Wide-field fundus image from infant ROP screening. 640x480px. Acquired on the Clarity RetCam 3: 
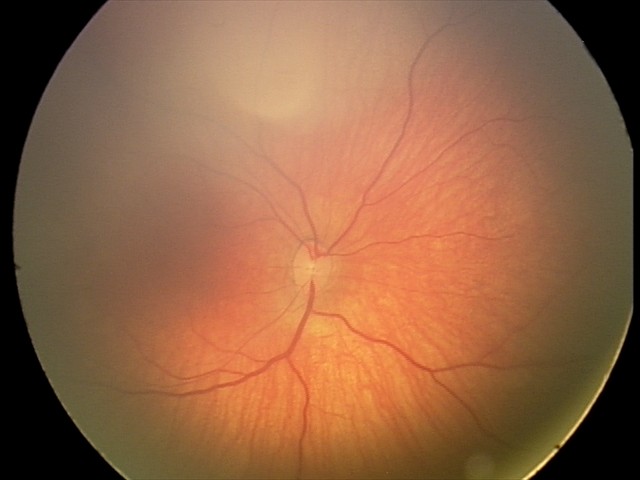
Series diagnosed as retinal hemorrhages.
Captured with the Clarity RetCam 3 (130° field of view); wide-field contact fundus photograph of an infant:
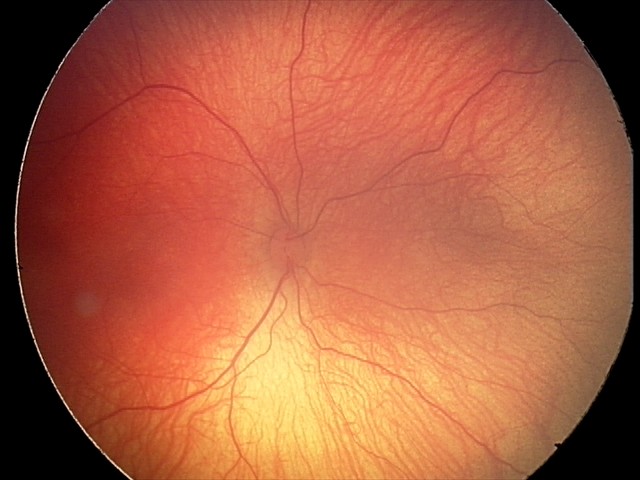
Diagnosis from this screening exam: retinopathy of prematurity stage 2.
Without plus disease.
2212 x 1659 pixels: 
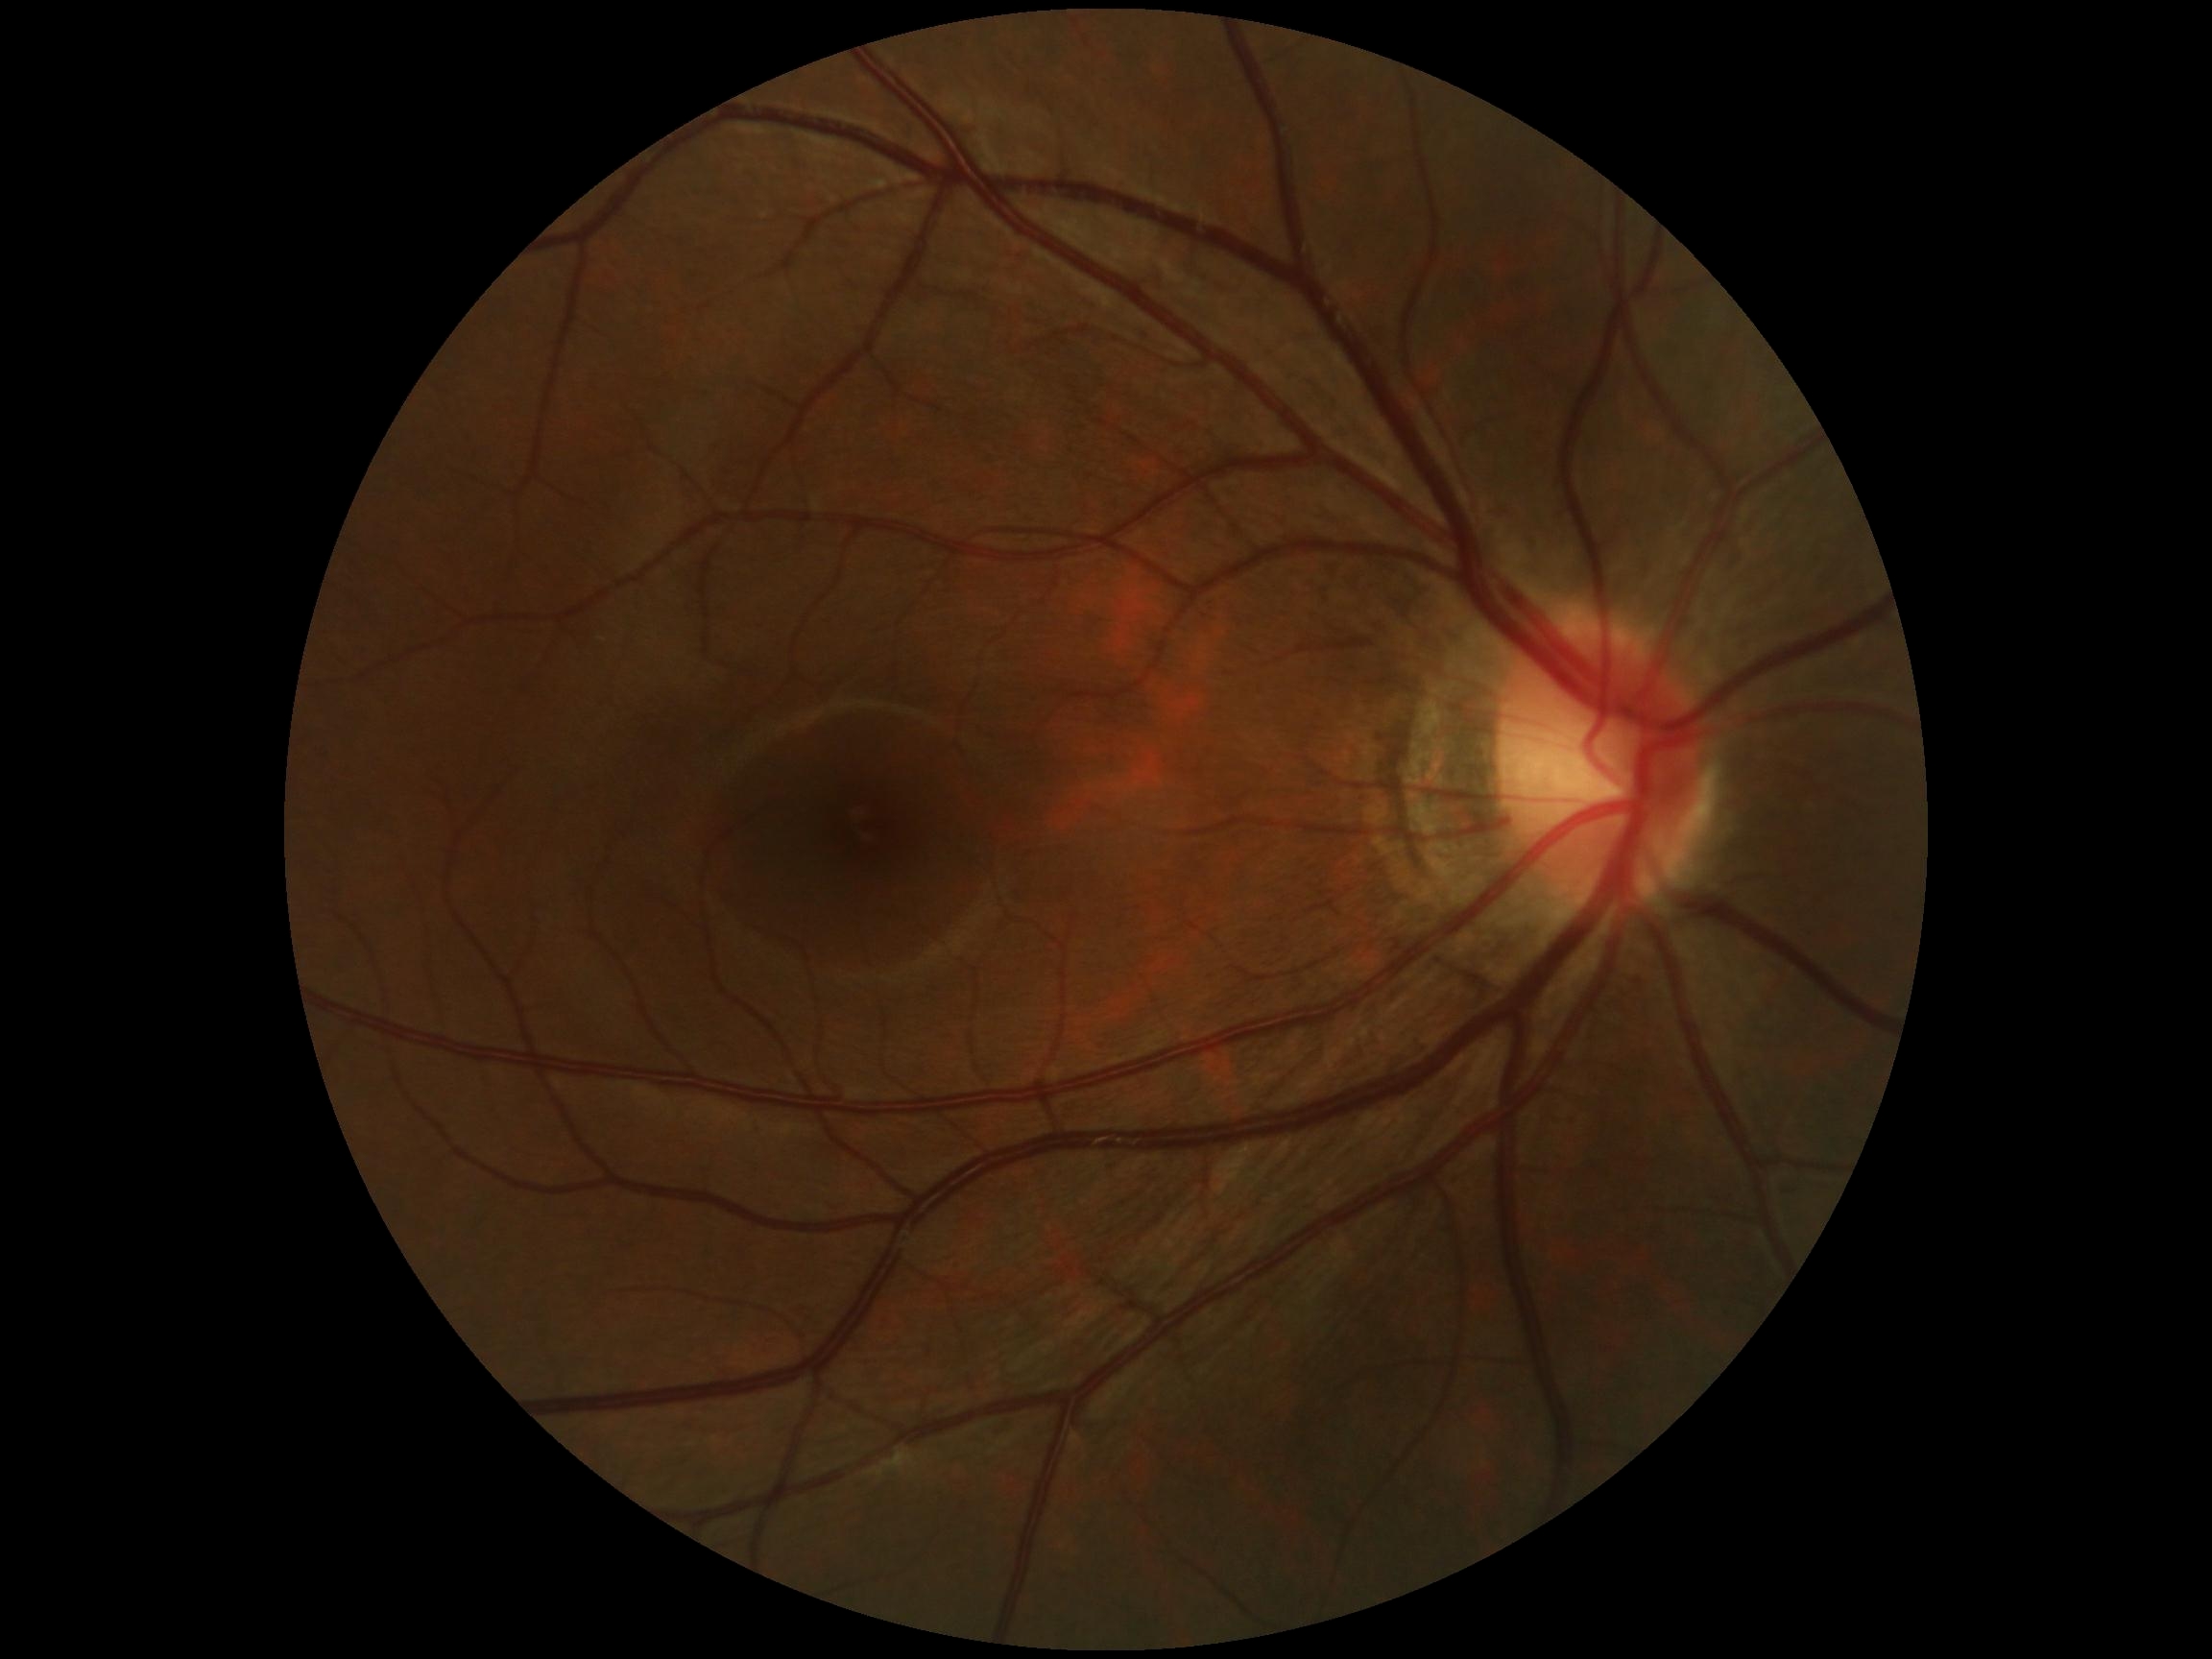 DR impression = no signs of DR
DR stage = grade 0 (no apparent retinopathy) — no visible signs of diabetic retinopathy

# Problem requirements
Print, please, exactly the lines from the one holding "Captured with the" through the final line of the data, both included, while leaving out each picture.

# Response below
Captured with the Clarity RetCam 3 (130° field of view); wide-field contact fundus photograph of an infant:
Diagnosis from this screening exam: retinopathy of prematurity stage 2.
Without plus disease.
2212 x 1659 pixels: 
 DR impression = no signs of DR
DR stage = grade 0 (no apparent retinopathy) — no visible signs of diabetic retinopathy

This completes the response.